2005
Não vou comer passas, nem formular desejos. Comi passas e passas e formulei desejos e desejos em anos que já passaram e os desejos não se confirmaram. Desta vez, vou à luta em vez de formular desejos, vou retomar o olhar firme, o passo certo, a largueza dos gestos, as palavras exactas, marimbar-me para os sentimentos de culpa - injustos - que me plantaram, e voar sobre os sentimentos de culpa - justos - que já paguei. Conversa acabada!
O ano velho morreu. Com ele, morrerá o que envelheceu em mim. Vou voltar a ter prazer em comprar fatos novos, em ganhar dinheiro compatível com os sucessos e os sacrifícios, em trocar de carro, em reler o que já quase esqueci, em estudar, em transformar a minha casa caótica num sítio civilizado onde os meus amigos possam estar. Talvez me entusiasme e publique um novo livro, desta vez, com o cuidado dos académicos.
Estou cheio de "pica", como se vê. Não me lembro de estar assim... Não se trata de euforia de uma qualquer disfunção bipolar, é mesmo assim, e eu sei que é assim.
Verei os meus filhos como a prioridade, mas não ficarei refém dos meus filhos, tão habilmente usados para me abater, a mim, que tenho o rosto marcado pela intempérie de noites sucessivas sem dormir, mas de coração mole, o coração que permitiu que gente sem alma se colocasse nas minhas costas para subir na vida, gente injusta, que não sabe o que é a alma e que vive das aparências e que já nem aparências tem...

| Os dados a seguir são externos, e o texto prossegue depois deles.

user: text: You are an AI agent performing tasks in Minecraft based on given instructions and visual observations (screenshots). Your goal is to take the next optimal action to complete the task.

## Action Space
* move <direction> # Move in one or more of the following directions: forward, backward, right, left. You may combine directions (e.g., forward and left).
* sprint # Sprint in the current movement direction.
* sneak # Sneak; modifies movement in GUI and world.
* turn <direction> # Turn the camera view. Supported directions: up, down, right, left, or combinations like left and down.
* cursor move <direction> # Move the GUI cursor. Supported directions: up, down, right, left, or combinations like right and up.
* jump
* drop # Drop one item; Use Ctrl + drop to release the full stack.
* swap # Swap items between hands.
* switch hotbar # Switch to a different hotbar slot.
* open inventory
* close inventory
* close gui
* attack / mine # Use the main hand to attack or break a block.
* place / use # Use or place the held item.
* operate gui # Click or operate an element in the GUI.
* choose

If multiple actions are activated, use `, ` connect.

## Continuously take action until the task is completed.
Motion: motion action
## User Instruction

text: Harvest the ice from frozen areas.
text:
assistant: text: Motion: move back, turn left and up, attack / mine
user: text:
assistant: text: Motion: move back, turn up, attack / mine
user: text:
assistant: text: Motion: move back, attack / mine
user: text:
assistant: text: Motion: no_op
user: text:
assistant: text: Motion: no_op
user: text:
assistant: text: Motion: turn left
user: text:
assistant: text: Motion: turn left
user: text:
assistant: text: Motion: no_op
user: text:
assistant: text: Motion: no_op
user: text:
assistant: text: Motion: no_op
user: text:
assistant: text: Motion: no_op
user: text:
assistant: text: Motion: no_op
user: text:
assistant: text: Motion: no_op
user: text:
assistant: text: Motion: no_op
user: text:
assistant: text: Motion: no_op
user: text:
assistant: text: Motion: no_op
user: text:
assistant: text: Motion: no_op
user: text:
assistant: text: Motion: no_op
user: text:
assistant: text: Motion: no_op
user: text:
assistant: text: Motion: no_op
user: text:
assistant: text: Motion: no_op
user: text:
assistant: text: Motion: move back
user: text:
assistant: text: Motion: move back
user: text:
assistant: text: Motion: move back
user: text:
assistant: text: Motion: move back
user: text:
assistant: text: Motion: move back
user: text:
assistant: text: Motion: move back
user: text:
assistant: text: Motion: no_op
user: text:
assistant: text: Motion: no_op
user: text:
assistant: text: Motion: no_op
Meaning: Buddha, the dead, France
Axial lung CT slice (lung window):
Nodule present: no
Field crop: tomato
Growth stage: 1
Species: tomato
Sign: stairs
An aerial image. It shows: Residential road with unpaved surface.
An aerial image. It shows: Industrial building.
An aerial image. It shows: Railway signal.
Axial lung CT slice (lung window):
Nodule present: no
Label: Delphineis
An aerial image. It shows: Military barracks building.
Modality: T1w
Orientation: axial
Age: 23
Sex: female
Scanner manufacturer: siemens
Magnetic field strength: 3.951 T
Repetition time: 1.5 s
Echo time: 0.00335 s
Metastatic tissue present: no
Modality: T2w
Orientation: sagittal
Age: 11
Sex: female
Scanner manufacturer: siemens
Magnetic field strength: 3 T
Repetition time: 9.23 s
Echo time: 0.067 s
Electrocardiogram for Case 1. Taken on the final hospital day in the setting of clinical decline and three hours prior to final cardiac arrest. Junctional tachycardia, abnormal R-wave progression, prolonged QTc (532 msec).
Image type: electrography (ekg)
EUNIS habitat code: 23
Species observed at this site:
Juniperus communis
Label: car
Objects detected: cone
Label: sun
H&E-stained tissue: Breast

Nos próximos dias, irei a Fátima. Gosto de Fátima. Pela Fé. E porque, também, estive lá, jovem repórter-e-estudante-de-direito, quando Khron tentou matar João Paulo II, e quando, poucos anos mais tarde, voltei, para escrever coisas sobre Fátima, coisas boas e coisas más. Irei a Fátima - peregrino. Não sei rezar, mas sei ficar paralisado no silêncio que a imagem de Fátima me dá, com as minhas lágrimas inquietas e com as lágrimas quietas que a Virgem me mostra, mesmo que apenas eu as veja, porque eu quero vê-las.
E quero continuar aqui. A escrever coisas que são minhas, muito minhas, demasiado minhas para um sítio público, uma exposição que não me assusta, porque não tenho nada a esconder, por muito que tenha uma vida de estórias.
E quero - quero mesmo -, que todos, aqui, sejam felizes. Em 2005. E sempre.
Um abraço do carteiro. De novo apaixonado pela vida.